(Source data Opens)
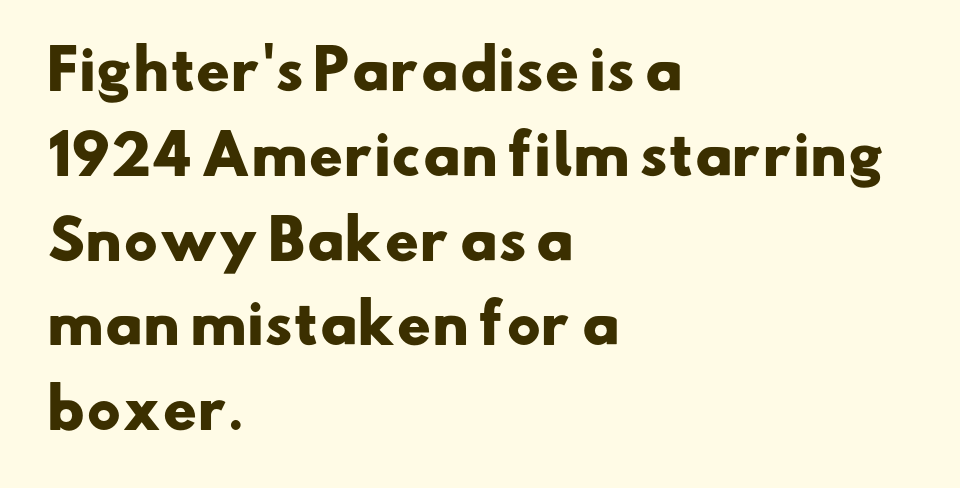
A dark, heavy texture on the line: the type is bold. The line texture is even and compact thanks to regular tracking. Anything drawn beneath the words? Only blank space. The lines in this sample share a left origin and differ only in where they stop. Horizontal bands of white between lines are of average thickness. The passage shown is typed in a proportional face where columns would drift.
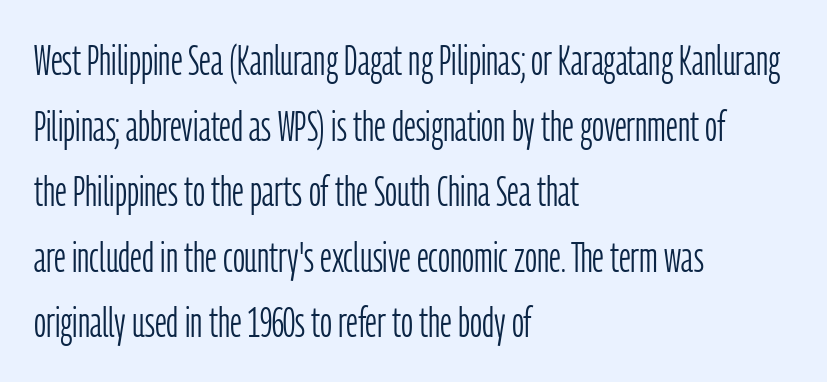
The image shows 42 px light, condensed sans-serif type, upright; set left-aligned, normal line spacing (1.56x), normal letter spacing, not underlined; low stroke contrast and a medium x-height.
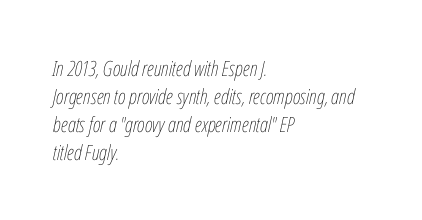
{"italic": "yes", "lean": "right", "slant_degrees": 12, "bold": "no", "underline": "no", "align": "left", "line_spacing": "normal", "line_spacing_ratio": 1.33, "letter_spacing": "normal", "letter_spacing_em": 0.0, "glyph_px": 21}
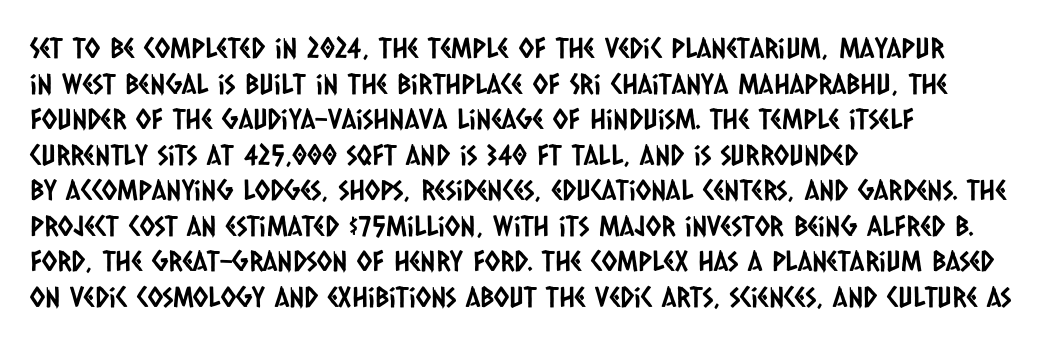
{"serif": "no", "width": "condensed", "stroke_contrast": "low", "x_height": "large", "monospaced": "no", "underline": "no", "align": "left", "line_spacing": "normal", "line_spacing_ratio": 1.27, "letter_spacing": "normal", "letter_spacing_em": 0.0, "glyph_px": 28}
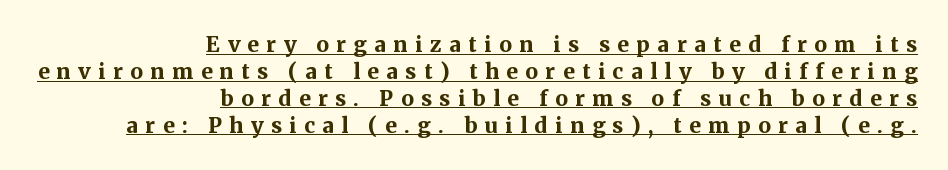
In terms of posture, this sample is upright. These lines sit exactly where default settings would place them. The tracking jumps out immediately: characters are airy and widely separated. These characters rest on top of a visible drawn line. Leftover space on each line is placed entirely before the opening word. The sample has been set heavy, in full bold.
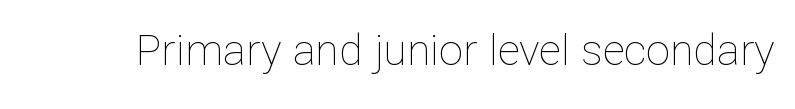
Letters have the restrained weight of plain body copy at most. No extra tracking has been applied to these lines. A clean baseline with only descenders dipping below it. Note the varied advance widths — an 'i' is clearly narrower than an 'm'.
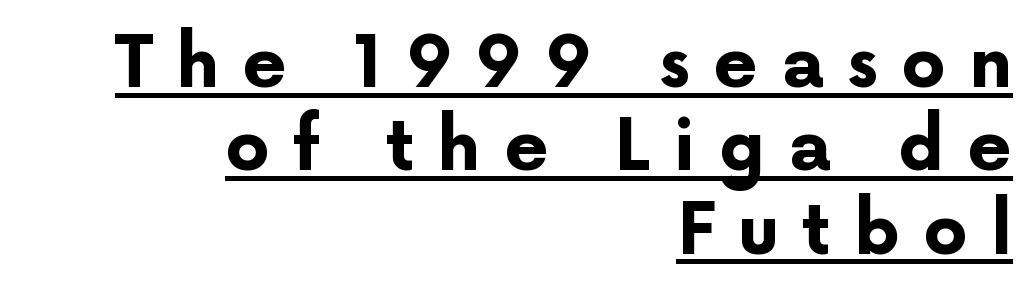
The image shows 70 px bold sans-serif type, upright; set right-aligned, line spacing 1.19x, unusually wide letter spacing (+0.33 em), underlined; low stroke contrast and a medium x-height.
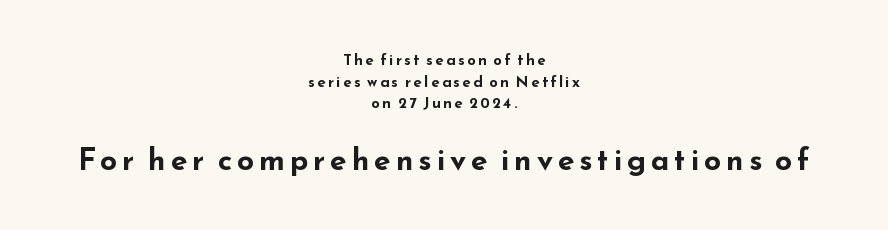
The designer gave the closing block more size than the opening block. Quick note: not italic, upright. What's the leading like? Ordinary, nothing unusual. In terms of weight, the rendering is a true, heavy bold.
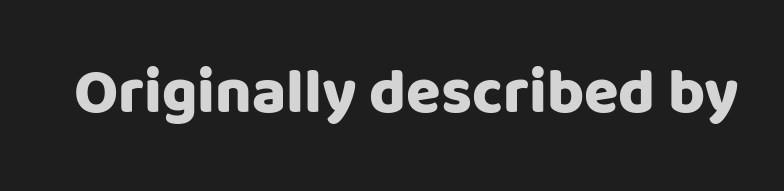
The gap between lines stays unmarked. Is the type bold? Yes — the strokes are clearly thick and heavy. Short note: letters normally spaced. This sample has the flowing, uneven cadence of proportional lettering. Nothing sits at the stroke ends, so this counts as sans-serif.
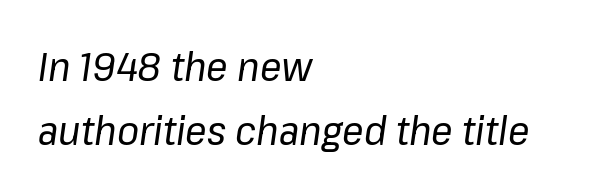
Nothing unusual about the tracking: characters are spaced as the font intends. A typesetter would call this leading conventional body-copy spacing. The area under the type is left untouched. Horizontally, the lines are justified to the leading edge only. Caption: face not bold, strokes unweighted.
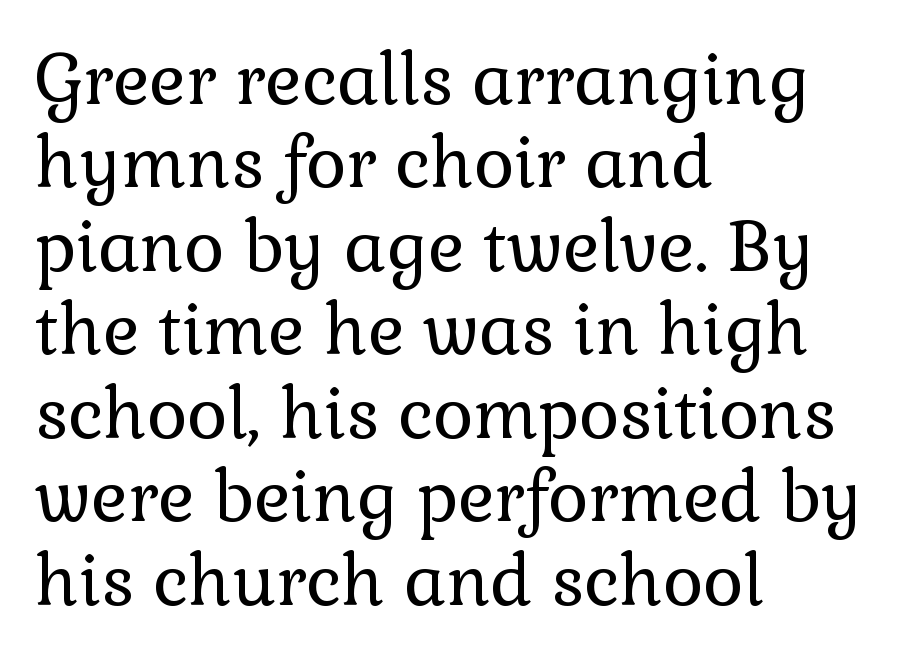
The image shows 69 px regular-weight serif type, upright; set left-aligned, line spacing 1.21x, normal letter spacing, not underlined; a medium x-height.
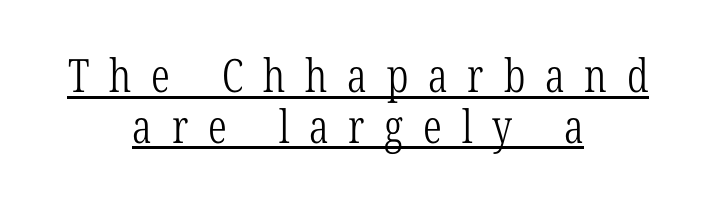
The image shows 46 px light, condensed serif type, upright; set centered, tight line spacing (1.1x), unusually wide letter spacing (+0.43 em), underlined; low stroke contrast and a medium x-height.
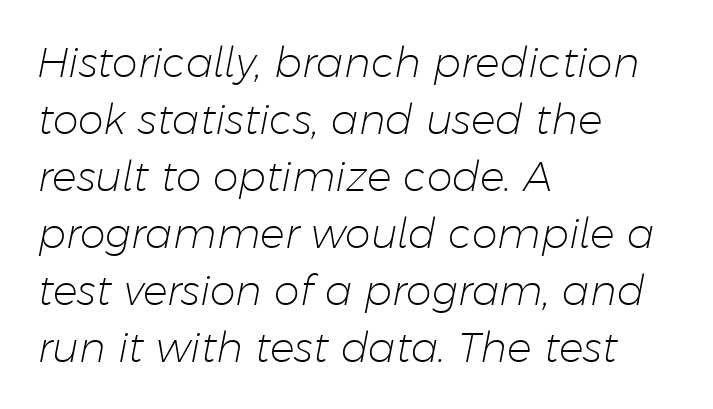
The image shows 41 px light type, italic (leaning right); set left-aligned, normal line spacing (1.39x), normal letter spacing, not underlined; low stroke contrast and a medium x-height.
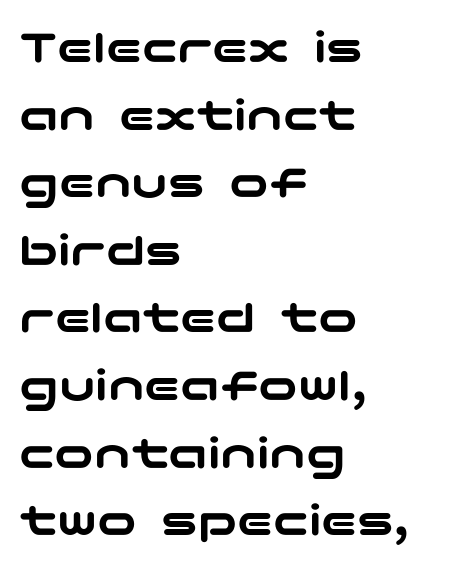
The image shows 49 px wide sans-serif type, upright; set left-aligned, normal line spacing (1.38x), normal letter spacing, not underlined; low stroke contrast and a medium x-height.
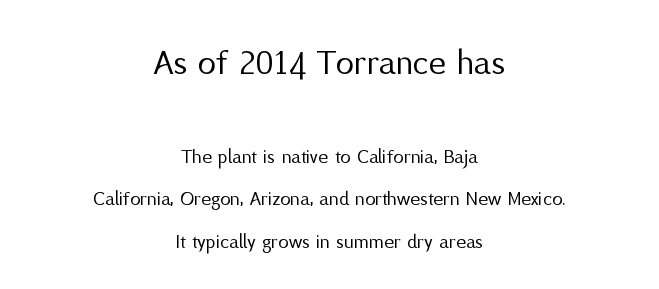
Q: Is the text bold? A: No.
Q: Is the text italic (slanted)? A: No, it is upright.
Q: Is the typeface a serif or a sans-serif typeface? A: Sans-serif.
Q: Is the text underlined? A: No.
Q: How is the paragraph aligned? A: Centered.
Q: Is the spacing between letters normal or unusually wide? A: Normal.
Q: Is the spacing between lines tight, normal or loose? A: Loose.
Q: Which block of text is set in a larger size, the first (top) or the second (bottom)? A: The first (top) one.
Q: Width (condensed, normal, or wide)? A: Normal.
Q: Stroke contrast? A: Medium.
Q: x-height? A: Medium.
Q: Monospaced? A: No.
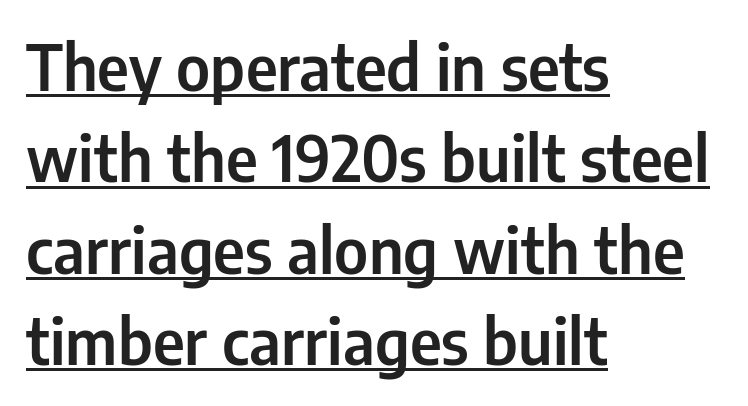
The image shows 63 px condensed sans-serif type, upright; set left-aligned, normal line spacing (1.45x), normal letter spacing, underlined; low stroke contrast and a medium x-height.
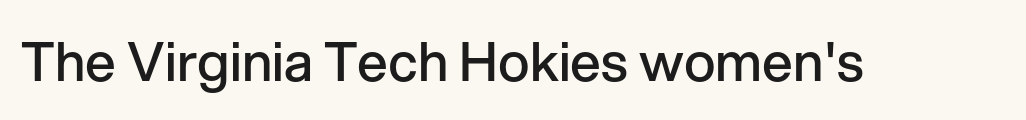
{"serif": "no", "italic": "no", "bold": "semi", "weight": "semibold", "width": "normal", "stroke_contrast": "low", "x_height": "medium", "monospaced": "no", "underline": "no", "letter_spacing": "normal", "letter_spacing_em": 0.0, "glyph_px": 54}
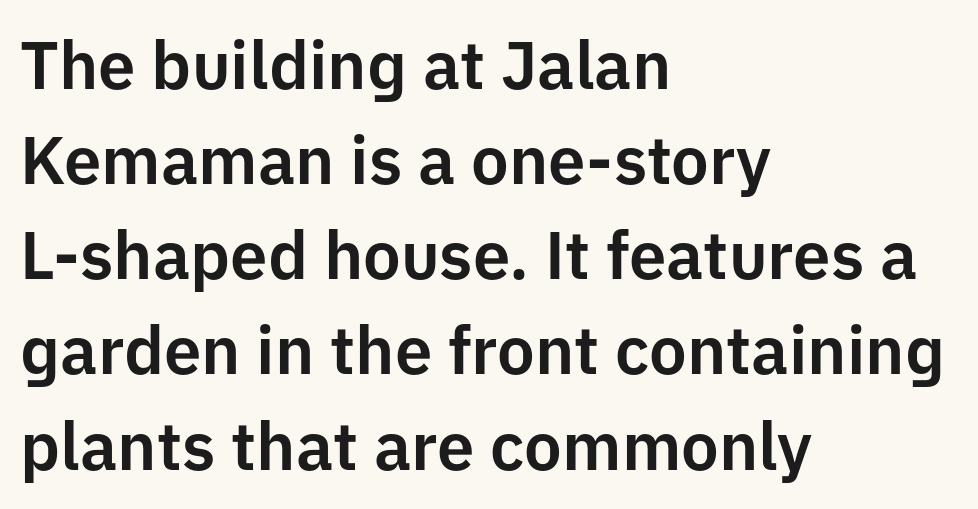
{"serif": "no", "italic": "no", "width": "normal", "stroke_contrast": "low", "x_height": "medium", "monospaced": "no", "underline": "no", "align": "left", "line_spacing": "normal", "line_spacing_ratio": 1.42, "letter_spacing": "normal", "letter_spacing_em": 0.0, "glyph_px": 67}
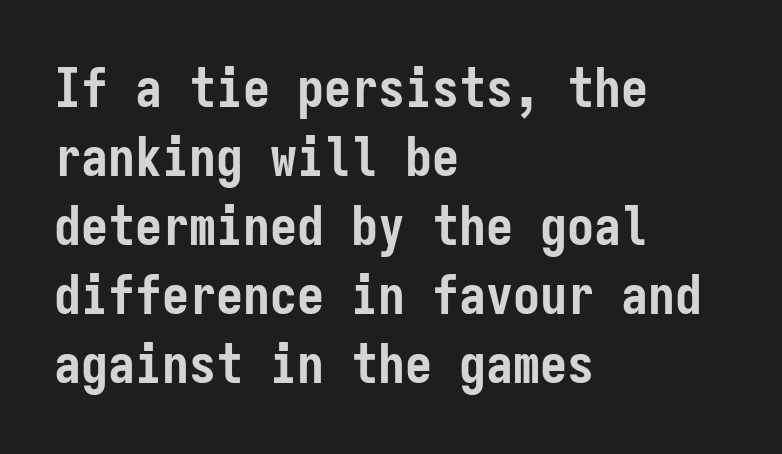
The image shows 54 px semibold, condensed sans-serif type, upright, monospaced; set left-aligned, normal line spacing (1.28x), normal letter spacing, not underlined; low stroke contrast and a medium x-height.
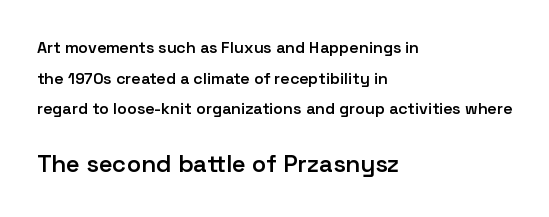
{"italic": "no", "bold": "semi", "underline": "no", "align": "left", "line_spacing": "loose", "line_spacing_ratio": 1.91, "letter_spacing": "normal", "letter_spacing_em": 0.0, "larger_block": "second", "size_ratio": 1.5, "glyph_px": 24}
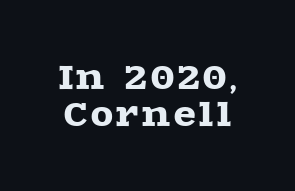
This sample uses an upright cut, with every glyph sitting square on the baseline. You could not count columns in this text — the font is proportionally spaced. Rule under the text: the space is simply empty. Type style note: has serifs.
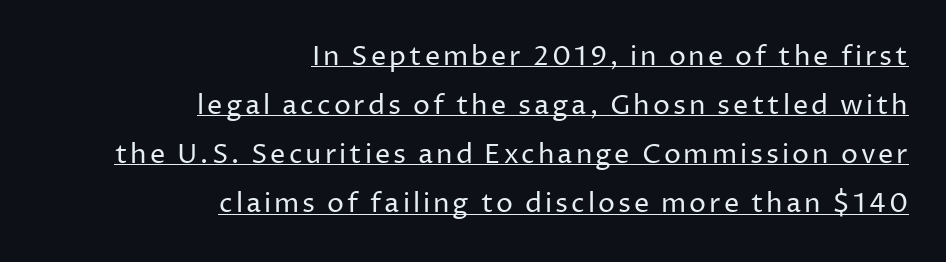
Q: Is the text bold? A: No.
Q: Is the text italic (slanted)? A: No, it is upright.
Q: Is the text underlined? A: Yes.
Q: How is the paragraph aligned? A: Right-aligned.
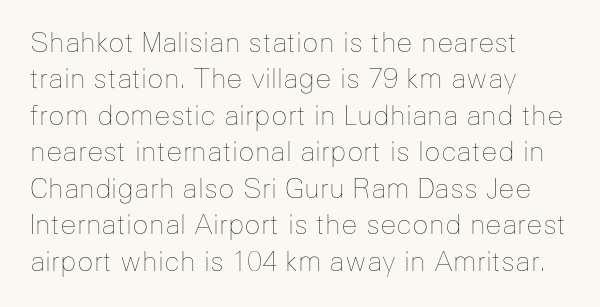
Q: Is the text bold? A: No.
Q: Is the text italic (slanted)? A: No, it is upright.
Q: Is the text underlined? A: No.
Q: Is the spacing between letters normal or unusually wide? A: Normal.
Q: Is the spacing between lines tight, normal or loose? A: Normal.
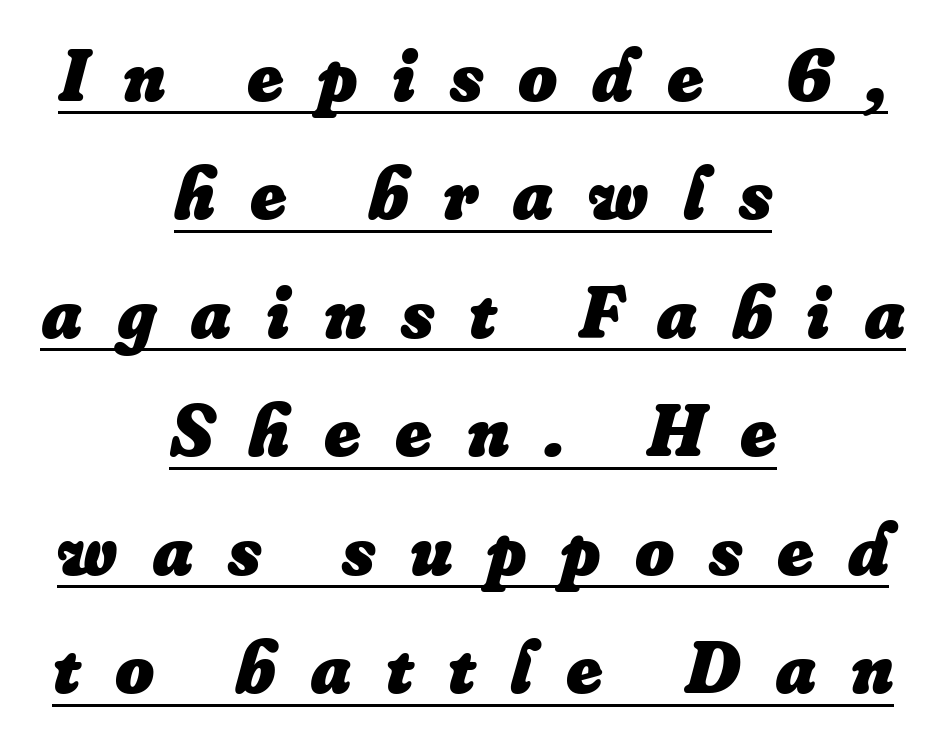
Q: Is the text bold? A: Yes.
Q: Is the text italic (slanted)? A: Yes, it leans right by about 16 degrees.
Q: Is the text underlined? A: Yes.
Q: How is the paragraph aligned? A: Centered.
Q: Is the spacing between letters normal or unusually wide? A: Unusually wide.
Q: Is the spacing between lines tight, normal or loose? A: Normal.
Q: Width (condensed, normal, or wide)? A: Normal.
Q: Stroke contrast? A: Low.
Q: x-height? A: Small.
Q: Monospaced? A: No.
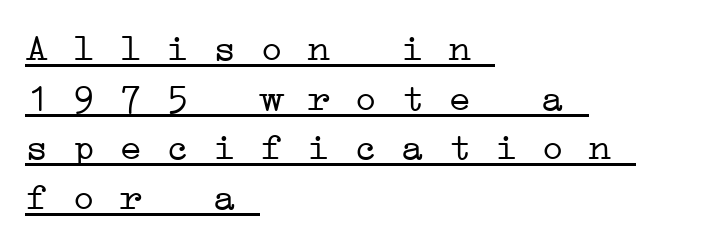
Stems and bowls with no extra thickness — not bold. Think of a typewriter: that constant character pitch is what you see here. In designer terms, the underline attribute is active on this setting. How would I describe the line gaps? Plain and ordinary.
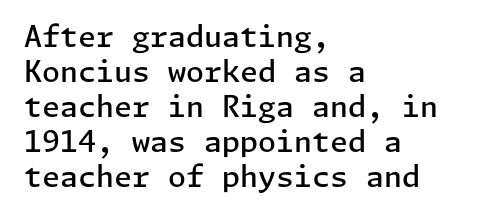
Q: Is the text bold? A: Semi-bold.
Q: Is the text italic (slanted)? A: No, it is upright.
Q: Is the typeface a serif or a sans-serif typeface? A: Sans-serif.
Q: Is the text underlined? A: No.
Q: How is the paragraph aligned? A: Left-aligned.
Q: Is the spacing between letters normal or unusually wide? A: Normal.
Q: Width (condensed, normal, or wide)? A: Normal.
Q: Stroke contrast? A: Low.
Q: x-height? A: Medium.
(Source data Closes)
Task item ▸
In the entries above, find each line with "would" and list it.

Answer below ▸
A dark, heavy texture on the line: the type is bold. The line texture is even and compact thanks to regular tracking. Anything drawn beneath the words? Only blank space. The lines in this sample share a left origin and differ only in where they stop. Horizontal bands of white between lines are of average thickness. The passage shown is typed in a proportional face where columns would drift.
In terms of posture, this sample is upright. These lines sit exactly where default settings would place them. The tracking jumps out immediately: characters are airy and widely separated. These characters rest on top of a visible drawn line. Leftover space on each line is placed entirely before the opening word. The sample has been set heavy, in full bold.
Nothing unusual about the tracking: characters are spaced as the font intends. A typesetter would call this leading conventional body-copy spacing. The area under the type is left untouched. Horizontally, the lines are justified to the leading edge only. Caption: face not bold, strokes unweighted.
Stems and bowls with no extra thickness — not bold. Think of a typewriter: that constant character pitch is what you see here. In designer terms, the underline attribute is active on this setting. How would I describe the line gaps? Plain and ordinary.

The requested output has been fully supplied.